Dead Lizard 2020

We’re all cooped up together, isolated.

The COVID-19 quarantine is long enough underway that people are becoming more crazy, backlashing against safety, demanding that the economy “restart.” People are wasting time in grandiose gestures of  futility, in tiny mundane surrenders. The microbes are among us.

I’m spending time in the yard, a luxury of being able to take phone calls while pulling weeds, kicking at tufts of rotted leaves left from the autumn. I envision the yard in an “optimal” state, like the meticulously manicured gardens we saw in Japan. I envision it in another “optimal” state, overrun with verdant tendrils and complete luxurious chaos.

The neighborhood kids run in a pack, mostly three houses worth, with assorted cameos from visitors — fewer of those in the pandemic. I enjoy hearing them laugh while I pick at my tiny square of property, remembering what it was like to be that age. I like watching their pecking order and their reckless abandon and squealing. A few of them helped me learn how to fly my drone once. They’re nice kids.

They also do the same dumb shit I used to do when I was that age — a little reckless with BB guns, probably a secret stash of fireworks somewhere, experiments with nature.

The other day, I saw that one had hopped the chain link fence and was walking around in our back yard. I went out to investigate this heinous trespassing, and discovered that he had captured a tiny bird in the kind of small animal trap designed for catching feral cats (or possums or ferrets or whatever else you might be hunting, I guess).

He said he had been able to scoop up the bird because it had an injured wing, and I wished him well with whatever he planned to do with it. Kids and their parents can figure out what to do with an injured bird without the neighbor offering advice. And what do I know about bird wings? The last thing I wanted to do was to suggest a veterinarian and have the parents overrule that merciful suggestion because of quarantine or money.

The next day, I saw the kids and asked after the bird, and they said that they let it go. It hadn’t been all that injured anyway. We both shrugged. Nature. Whadda’ ya’ gonna’ do?

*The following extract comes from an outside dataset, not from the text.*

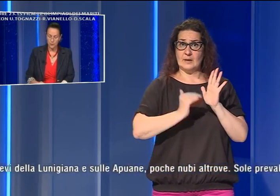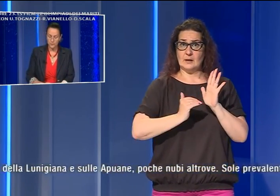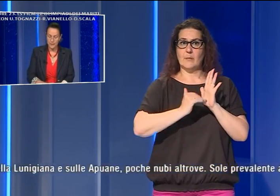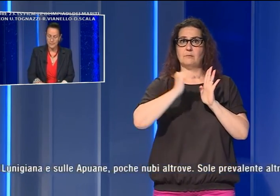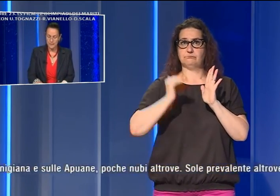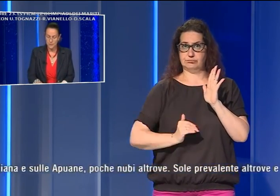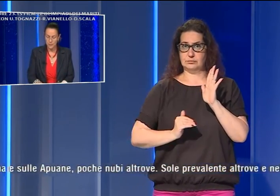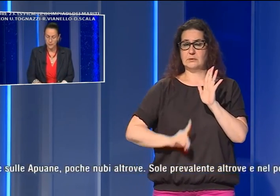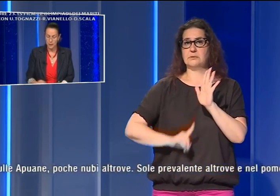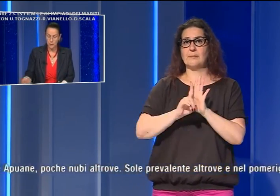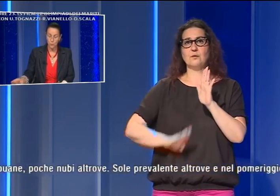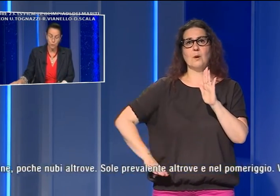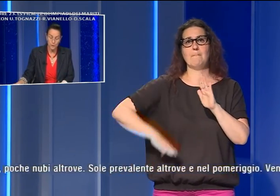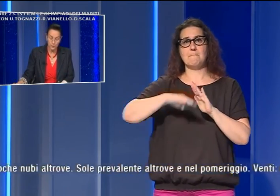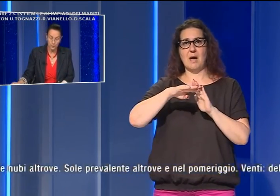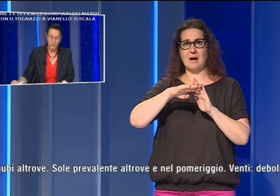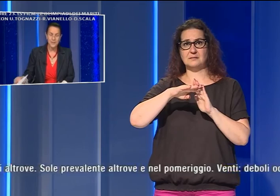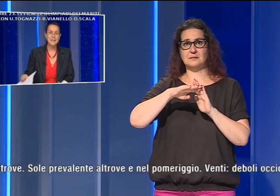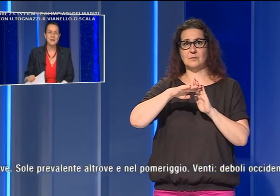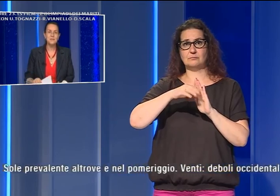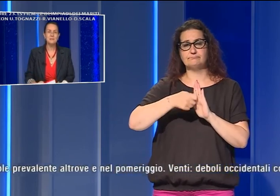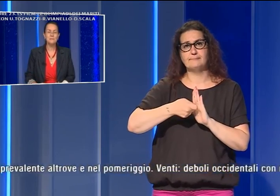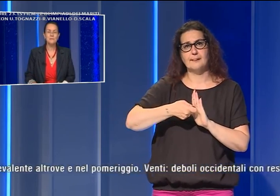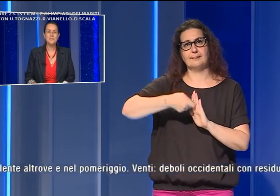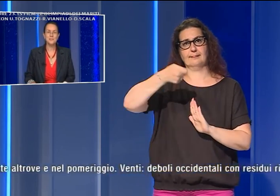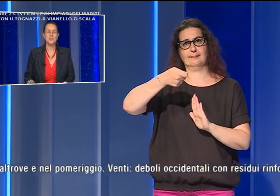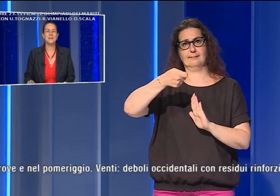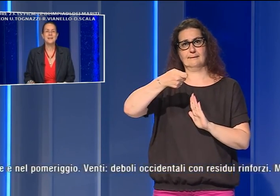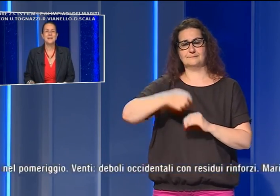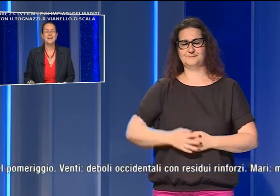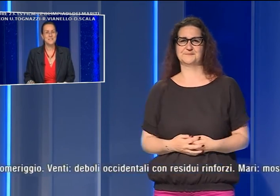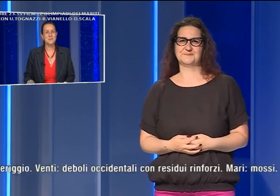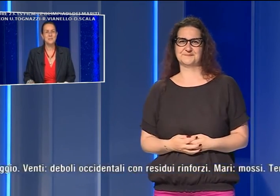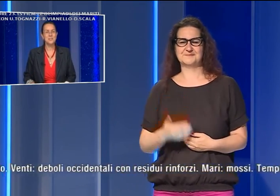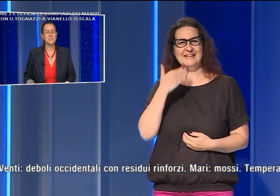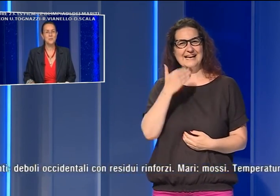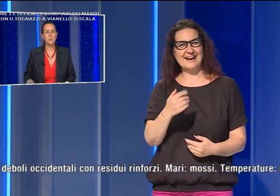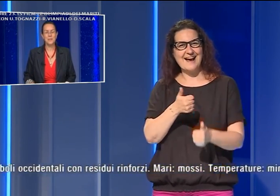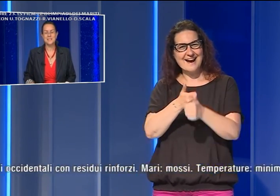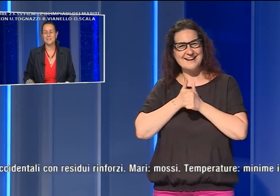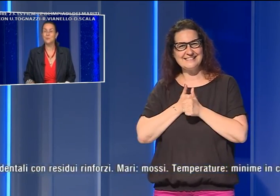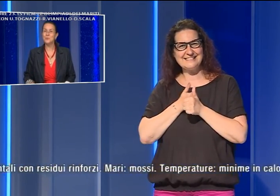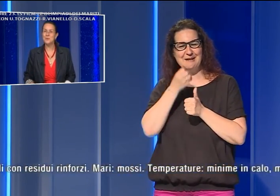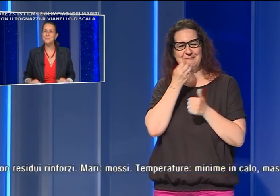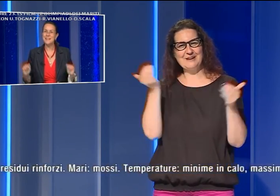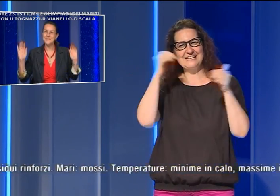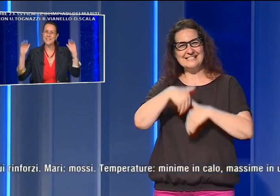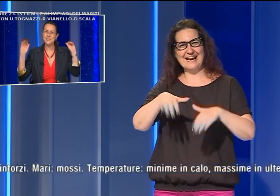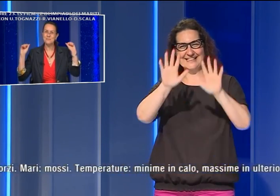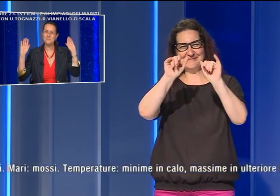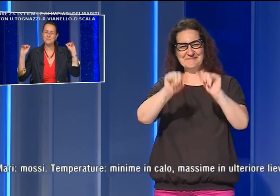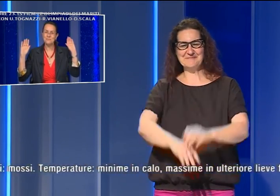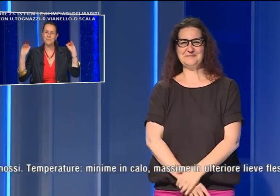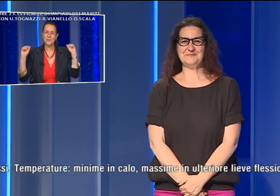calo e le massime in ulteriore lieve flessione. Grazie per averci seguito, buona serata a tutti e
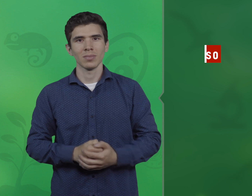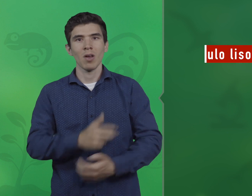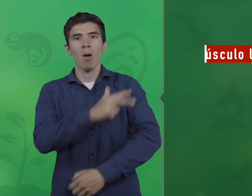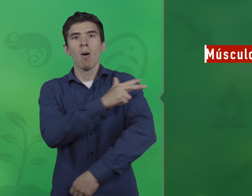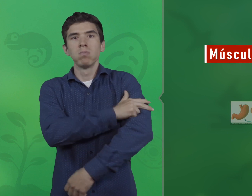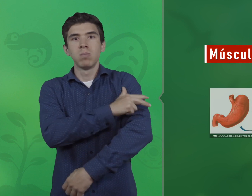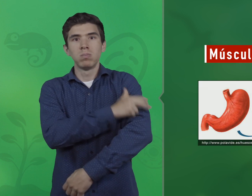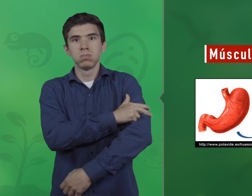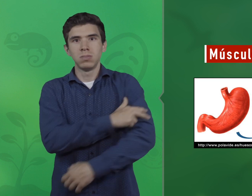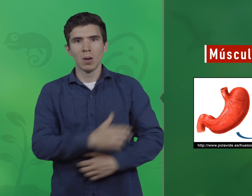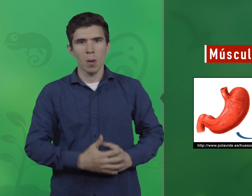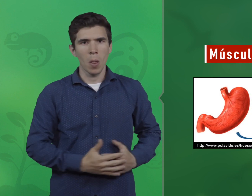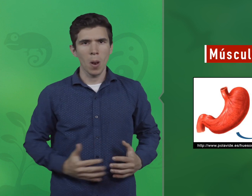Músculo liso

A day after that, I saw a small, similar looking bird become startled by my appearance in the back yard and attempt to take flight. It smacked into the side of the garden shed. Dazed by this miscalculation, it then did make a second effort and landing on a tree branch. I wondered if it was the same bird, slowly recovering from whatever allowed the kids to catch it.

Today, I saw two other similar looking birds, both grounded, both struggling to fly, and the story I’ve now told myself is that our backyard is home to some baby birds that are, in the immoral words of Tom Petty, learning to fly.

It was in this bucolic mindset that I looked across the fence and saw the neighborhood kids drowning lizards.

Before I elaborate, allow me a brief disquisition on our neighborhood lizards.

We think they are Carolina Anoles (anolis carolinensis), often called confused with chameleons because they do seem to change color. They are a beloved sign of spring, and we notice them when they are small and translucent (you can see their organs inside them) and we honor their dinosaur ancestors when we see them fully grown, usually basking in the sun, slowly inflating a bright red fan of skin under their chins. They are wonders of nature — windows into the past, and mosquito-eating friends of our neighborhood ecosystem.

That said, I was recently in the back yard putting around with my various decomposing piles and doing a bit of digging. I overheard the neighborhood kids doing their usual squealing and one of them kept saying, “Oh, the humanity!” And while I was wondering about what form of media content brought them in contact with some twice-removed cultural reference to the Hindenberg tragedy, and whether these children would ever learn about that actual historic event, I overheard one talk about killing something. So I wandered a bit closer to the fenceline.

Three or four children were staring into some kind of plastic container, while the one on the swing explained that death was the penalty for trying to escape. I then realized that they had captured a lizard and were trying to drown it in some kind of weird ritual of childhood experimentation and boundary-setting.

It was partly amazing to witness something so intimate, since my childhood memories of killing a lizard by throwing it in a fire ant bed remain vivid proof of my own potential for blurring curiosity into cruelty. But it was also amazing to see the extent to which the child on the swing had become the lizard’s judge, pronouncing the capital sentence, while the other children were slated to carry out the deed.

As she yelled at them to “hurry up and kill it” and urged them not to “let it get away,” I could see that some of the kids were uncomfortable with being instructed to kill the living creature that was no doubt scrambling to get out of the water. And in that moment, all of the social baggage of our American capital punishment system came crashing into the sunlight spring day — the way that we subjugate the world around us, the way we solidify our pecking order through obedience and obliteration, the way we absorb these lessons about our capacities to kill or heal from our earliest unsupervised adventures.